No pictures belong in the copy, but every line of the material below must be reproduced exactly.
-- Input data follows --
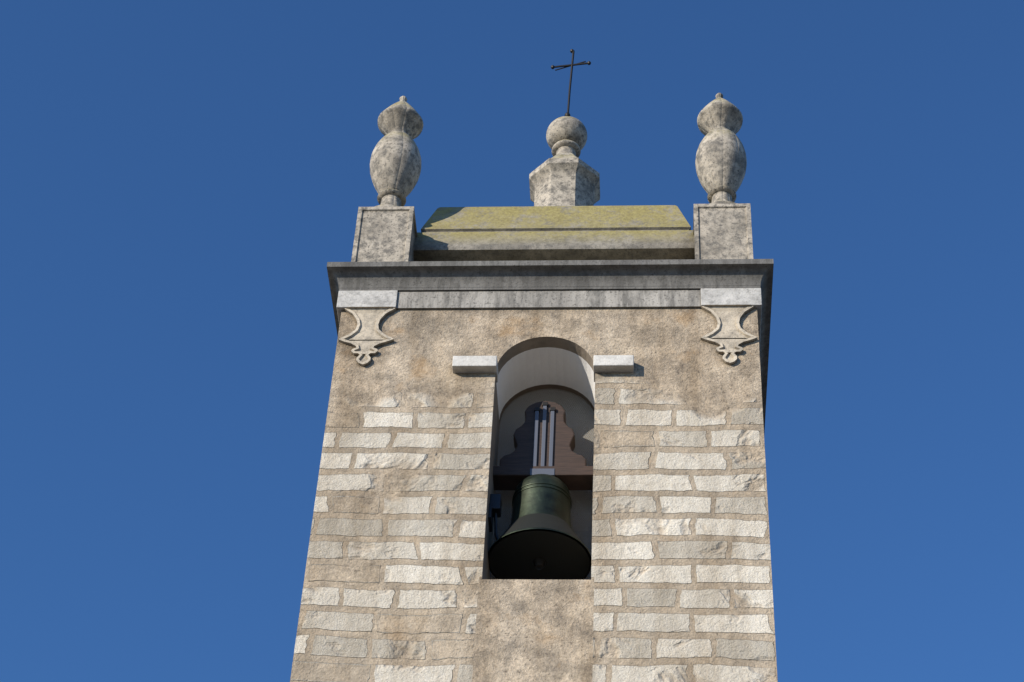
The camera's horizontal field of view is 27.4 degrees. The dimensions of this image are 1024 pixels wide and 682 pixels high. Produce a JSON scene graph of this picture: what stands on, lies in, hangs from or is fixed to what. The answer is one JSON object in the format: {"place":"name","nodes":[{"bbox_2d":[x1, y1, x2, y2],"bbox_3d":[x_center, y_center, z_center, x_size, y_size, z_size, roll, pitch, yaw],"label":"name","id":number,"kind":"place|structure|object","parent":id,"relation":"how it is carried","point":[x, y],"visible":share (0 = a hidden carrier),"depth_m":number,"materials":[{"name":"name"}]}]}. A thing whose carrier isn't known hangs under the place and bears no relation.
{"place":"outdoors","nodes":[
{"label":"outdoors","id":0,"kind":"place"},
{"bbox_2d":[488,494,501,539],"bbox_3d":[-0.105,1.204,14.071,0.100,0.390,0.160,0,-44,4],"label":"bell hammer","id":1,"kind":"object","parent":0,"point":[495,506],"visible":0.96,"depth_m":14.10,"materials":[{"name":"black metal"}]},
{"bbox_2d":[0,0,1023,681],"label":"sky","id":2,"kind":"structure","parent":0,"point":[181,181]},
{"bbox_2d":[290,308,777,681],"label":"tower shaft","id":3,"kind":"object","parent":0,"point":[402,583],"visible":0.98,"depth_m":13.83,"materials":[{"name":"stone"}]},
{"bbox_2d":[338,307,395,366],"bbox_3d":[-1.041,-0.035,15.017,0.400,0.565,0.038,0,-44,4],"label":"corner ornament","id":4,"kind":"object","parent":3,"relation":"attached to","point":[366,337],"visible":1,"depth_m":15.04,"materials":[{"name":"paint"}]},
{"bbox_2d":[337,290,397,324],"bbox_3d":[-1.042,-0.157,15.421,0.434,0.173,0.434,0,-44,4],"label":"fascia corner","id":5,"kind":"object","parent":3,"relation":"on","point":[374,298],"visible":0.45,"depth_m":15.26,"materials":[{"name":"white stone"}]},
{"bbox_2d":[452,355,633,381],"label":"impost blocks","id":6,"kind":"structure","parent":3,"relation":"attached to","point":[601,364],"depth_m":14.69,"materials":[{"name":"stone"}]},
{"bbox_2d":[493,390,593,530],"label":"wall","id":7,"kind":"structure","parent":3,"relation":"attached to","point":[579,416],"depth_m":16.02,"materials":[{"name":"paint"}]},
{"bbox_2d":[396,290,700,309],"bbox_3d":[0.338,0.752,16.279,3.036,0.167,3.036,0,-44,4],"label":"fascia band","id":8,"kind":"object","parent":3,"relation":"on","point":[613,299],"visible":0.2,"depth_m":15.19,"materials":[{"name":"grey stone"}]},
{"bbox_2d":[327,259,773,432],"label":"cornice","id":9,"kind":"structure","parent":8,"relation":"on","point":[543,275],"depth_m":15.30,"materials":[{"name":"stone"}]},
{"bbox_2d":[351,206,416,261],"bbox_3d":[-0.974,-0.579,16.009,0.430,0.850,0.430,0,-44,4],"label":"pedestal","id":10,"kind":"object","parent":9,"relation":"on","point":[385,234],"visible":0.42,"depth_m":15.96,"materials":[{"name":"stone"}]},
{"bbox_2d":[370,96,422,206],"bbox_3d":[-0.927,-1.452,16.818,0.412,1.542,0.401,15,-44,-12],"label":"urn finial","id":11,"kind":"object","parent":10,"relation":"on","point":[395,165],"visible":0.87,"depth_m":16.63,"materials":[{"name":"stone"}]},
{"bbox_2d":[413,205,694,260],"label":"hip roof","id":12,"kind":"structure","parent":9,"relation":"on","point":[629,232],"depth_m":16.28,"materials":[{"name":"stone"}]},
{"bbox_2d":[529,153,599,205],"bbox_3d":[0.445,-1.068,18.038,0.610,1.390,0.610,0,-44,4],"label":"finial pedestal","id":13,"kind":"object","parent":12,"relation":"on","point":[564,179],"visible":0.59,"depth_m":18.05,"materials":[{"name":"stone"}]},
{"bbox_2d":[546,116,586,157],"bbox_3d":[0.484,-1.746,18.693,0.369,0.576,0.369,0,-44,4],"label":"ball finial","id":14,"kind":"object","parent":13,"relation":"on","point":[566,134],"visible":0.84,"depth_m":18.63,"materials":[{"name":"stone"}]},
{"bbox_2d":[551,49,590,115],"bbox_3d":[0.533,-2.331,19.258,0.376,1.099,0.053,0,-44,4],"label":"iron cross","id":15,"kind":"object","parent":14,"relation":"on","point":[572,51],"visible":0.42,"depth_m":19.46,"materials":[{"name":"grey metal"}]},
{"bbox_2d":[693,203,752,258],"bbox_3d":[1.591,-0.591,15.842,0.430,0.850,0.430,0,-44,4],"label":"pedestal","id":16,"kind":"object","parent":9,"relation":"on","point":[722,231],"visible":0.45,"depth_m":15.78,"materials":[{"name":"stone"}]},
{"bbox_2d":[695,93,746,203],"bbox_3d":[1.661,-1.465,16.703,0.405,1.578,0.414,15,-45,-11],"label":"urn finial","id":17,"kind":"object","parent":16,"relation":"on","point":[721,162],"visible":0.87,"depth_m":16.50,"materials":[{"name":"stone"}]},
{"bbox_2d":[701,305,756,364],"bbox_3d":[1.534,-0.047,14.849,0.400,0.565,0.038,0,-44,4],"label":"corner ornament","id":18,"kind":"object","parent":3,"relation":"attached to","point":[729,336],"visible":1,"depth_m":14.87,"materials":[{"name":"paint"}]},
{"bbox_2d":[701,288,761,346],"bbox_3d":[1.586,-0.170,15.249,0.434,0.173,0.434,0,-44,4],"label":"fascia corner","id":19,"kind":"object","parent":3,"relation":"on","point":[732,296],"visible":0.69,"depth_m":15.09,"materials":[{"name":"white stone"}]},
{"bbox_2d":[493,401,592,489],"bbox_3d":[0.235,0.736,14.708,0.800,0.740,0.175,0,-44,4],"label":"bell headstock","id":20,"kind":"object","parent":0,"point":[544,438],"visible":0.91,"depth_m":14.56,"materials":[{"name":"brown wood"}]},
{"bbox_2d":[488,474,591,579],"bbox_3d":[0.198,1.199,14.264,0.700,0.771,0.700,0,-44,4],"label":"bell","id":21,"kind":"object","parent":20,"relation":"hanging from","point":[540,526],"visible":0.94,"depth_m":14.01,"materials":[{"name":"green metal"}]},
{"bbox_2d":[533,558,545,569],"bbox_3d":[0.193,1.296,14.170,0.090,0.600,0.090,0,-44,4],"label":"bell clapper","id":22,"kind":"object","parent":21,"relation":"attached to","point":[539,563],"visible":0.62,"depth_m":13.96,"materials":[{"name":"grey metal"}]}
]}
-- Input data concluded --
__Finished task__:
The camera's horizontal field of view is 27.4 degrees. The dimensions of this image are 1024 pixels wide and 682 pixels high. Produce a JSON scene graph of this picture: what stands on, lies in, hangs from or is fixed to what. The answer is one JSON object in the format: {"place":"name","nodes":[{"bbox_2d":[x1, y1, x2, y2],"bbox_3d":[x_center, y_center, z_center, x_size, y_size, z_size, roll, pitch, yaw],"label":"name","id":number,"kind":"place|structure|object","parent":id,"relation":"how it is carried","point":[x, y],"visible":share (0 = a hidden carrier),"depth_m":number,"materials":[{"name":"name"}]}]}. A thing whose carrier isn't known hangs under the place and bears no relation.
{"place":"outdoors","nodes":[
{"label":"outdoors","id":0,"kind":"place"},
{"bbox_2d":[488,494,501,539],"bbox_3d":[-0.105,1.204,14.071,0.100,0.390,0.160,0,-44,4],"label":"bell hammer","id":1,"kind":"object","parent":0,"point":[495,506],"visible":0.96,"depth_m":14.10,"materials":[{"name":"black metal"}]},
{"bbox_2d":[0,0,1023,681],"label":"sky","id":2,"kind":"structure","parent":0,"point":[181,181]},
{"bbox_2d":[290,308,777,681],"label":"tower shaft","id":3,"kind":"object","parent":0,"point":[402,583],"visible":0.98,"depth_m":13.83,"materials":[{"name":"stone"}]},
{"bbox_2d":[338,307,395,366],"bbox_3d":[-1.041,-0.035,15.017,0.400,0.565,0.038,0,-44,4],"label":"corner ornament","id":4,"kind":"object","parent":3,"relation":"attached to","point":[366,337],"visible":1,"depth_m":15.04,"materials":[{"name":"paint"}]},
{"bbox_2d":[337,290,397,324],"bbox_3d":[-1.042,-0.157,15.421,0.434,0.173,0.434,0,-44,4],"label":"fascia corner","id":5,"kind":"object","parent":3,"relation":"on","point":[374,298],"visible":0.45,"depth_m":15.26,"materials":[{"name":"white stone"}]},
{"bbox_2d":[452,355,633,381],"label":"impost blocks","id":6,"kind":"structure","parent":3,"relation":"attached to","point":[601,364],"depth_m":14.69,"materials":[{"name":"stone"}]},
{"bbox_2d":[493,390,593,530],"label":"wall","id":7,"kind":"structure","parent":3,"relation":"attached to","point":[579,416],"depth_m":16.02,"materials":[{"name":"paint"}]},
{"bbox_2d":[396,290,700,309],"bbox_3d":[0.338,0.752,16.279,3.036,0.167,3.036,0,-44,4],"label":"fascia band","id":8,"kind":"object","parent":3,"relation":"on","point":[613,299],"visible":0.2,"depth_m":15.19,"materials":[{"name":"grey stone"}]},
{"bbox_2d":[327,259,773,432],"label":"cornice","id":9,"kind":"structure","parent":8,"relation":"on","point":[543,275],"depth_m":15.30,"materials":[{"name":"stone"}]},
{"bbox_2d":[351,206,416,261],"bbox_3d":[-0.974,-0.579,16.009,0.430,0.850,0.430,0,-44,4],"label":"pedestal","id":10,"kind":"object","parent":9,"relation":"on","point":[385,234],"visible":0.42,"depth_m":15.96,"materials":[{"name":"stone"}]},
{"bbox_2d":[370,96,422,206],"bbox_3d":[-0.927,-1.452,16.818,0.412,1.542,0.401,15,-44,-12],"label":"urn finial","id":11,"kind":"object","parent":10,"relation":"on","point":[395,165],"visible":0.87,"depth_m":16.63,"materials":[{"name":"stone"}]},
{"bbox_2d":[413,205,694,260],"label":"hip roof","id":12,"kind":"structure","parent":9,"relation":"on","point":[629,232],"depth_m":16.28,"materials":[{"name":"stone"}]},
{"bbox_2d":[529,153,599,205],"bbox_3d":[0.445,-1.068,18.038,0.610,1.390,0.610,0,-44,4],"label":"finial pedestal","id":13,"kind":"object","parent":12,"relation":"on","point":[564,179],"visible":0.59,"depth_m":18.05,"materials":[{"name":"stone"}]},
{"bbox_2d":[546,116,586,157],"bbox_3d":[0.484,-1.746,18.693,0.369,0.576,0.369,0,-44,4],"label":"ball finial","id":14,"kind":"object","parent":13,"relation":"on","point":[566,134],"visible":0.84,"depth_m":18.63,"materials":[{"name":"stone"}]},
{"bbox_2d":[551,49,590,115],"bbox_3d":[0.533,-2.331,19.258,0.376,1.099,0.053,0,-44,4],"label":"iron cross","id":15,"kind":"object","parent":14,"relation":"on","point":[572,51],"visible":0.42,"depth_m":19.46,"materials":[{"name":"grey metal"}]},
{"bbox_2d":[693,203,752,258],"bbox_3d":[1.591,-0.591,15.842,0.430,0.850,0.430,0,-44,4],"label":"pedestal","id":16,"kind":"object","parent":9,"relation":"on","point":[722,231],"visible":0.45,"depth_m":15.78,"materials":[{"name":"stone"}]},
{"bbox_2d":[695,93,746,203],"bbox_3d":[1.661,-1.465,16.703,0.405,1.578,0.414,15,-45,-11],"label":"urn finial","id":17,"kind":"object","parent":16,"relation":"on","point":[721,162],"visible":0.87,"depth_m":16.50,"materials":[{"name":"stone"}]},
{"bbox_2d":[701,305,756,364],"bbox_3d":[1.534,-0.047,14.849,0.400,0.565,0.038,0,-44,4],"label":"corner ornament","id":18,"kind":"object","parent":3,"relation":"attached to","point":[729,336],"visible":1,"depth_m":14.87,"materials":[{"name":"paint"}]},
{"bbox_2d":[701,288,761,346],"bbox_3d":[1.586,-0.170,15.249,0.434,0.173,0.434,0,-44,4],"label":"fascia corner","id":19,"kind":"object","parent":3,"relation":"on","point":[732,296],"visible":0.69,"depth_m":15.09,"materials":[{"name":"white stone"}]},
{"bbox_2d":[493,401,592,489],"bbox_3d":[0.235,0.736,14.708,0.800,0.740,0.175,0,-44,4],"label":"bell headstock","id":20,"kind":"object","parent":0,"point":[544,438],"visible":0.91,"depth_m":14.56,"materials":[{"name":"brown wood"}]},
{"bbox_2d":[488,474,591,579],"bbox_3d":[0.198,1.199,14.264,0.700,0.771,0.700,0,-44,4],"label":"bell","id":21,"kind":"object","parent":20,"relation":"hanging from","point":[540,526],"visible":0.94,"depth_m":14.01,"materials":[{"name":"green metal"}]},
{"bbox_2d":[533,558,545,569],"bbox_3d":[0.193,1.296,14.170,0.090,0.600,0.090,0,-44,4],"label":"bell clapper","id":22,"kind":"object","parent":21,"relation":"attached to","point":[539,563],"visible":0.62,"depth_m":13.96,"materials":[{"name":"grey metal"}]}
]}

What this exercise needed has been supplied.